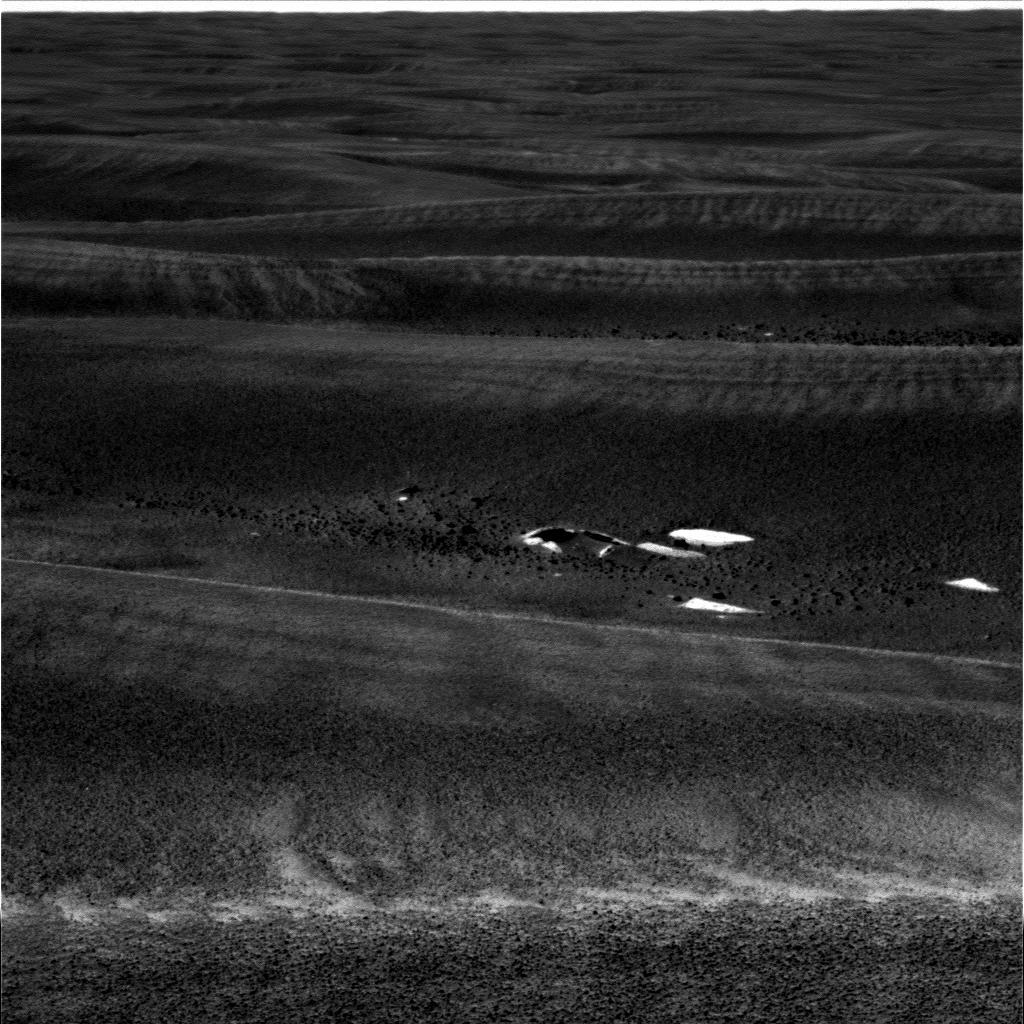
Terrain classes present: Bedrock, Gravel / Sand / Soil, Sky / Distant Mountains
______
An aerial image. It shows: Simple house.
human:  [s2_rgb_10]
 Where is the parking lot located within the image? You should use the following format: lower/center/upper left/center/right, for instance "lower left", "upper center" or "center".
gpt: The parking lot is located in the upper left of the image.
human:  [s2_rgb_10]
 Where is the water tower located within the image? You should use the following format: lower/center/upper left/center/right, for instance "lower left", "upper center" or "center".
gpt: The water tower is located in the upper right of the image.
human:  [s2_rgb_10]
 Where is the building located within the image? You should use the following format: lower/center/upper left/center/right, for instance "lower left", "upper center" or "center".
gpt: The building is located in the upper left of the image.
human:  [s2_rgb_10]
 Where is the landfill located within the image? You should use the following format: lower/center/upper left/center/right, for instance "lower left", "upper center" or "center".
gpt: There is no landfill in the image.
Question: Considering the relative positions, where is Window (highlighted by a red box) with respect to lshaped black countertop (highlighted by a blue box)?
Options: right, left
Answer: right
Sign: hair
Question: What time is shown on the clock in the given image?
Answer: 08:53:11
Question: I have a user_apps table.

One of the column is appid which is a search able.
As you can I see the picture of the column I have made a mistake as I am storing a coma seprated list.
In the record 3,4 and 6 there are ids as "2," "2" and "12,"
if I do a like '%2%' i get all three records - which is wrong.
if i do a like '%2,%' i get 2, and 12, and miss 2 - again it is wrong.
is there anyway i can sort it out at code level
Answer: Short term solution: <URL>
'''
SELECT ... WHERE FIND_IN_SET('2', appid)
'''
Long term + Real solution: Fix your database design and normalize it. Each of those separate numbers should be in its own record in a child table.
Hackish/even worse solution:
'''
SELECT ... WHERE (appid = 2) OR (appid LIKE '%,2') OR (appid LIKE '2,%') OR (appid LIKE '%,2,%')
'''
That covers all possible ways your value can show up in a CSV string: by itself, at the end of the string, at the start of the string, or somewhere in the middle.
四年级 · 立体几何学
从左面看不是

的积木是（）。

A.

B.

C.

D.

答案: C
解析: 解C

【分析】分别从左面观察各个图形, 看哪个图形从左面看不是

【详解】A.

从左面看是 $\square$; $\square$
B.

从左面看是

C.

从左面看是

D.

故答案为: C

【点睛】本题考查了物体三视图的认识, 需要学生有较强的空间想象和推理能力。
______
### [Assigned task]
From the listing above, repeat exactly the lines starting at the line that includes "An aerial image. It shows: Simple house." and ending at the line that includes "gpt: There is no landfill in the image.", with nothing outside that span.

### [Result for this task]
An aerial image. It shows: Simple house.
human:  [s2_rgb_10]
 Where is the parking lot located within the image? You should use the following format: lower/center/upper left/center/right, for instance "lower left", "upper center" or "center".
gpt: The parking lot is located in the upper left of the image.
human:  [s2_rgb_10]
 Where is the water tower located within the image? You should use the following format: lower/center/upper left/center/right, for instance "lower left", "upper center" or "center".
gpt: The water tower is located in the upper right of the image.
human:  [s2_rgb_10]
 Where is the building located within the image? You should use the following format: lower/center/upper left/center/right, for instance "lower left", "upper center" or "center".
gpt: The building is located in the upper left of the image.
human:  [s2_rgb_10]
 Where is the landfill located within the image? You should use the following format: lower/center/upper left/center/right, for instance "lower left", "upper center" or "center".
gpt: There is no landfill in the image.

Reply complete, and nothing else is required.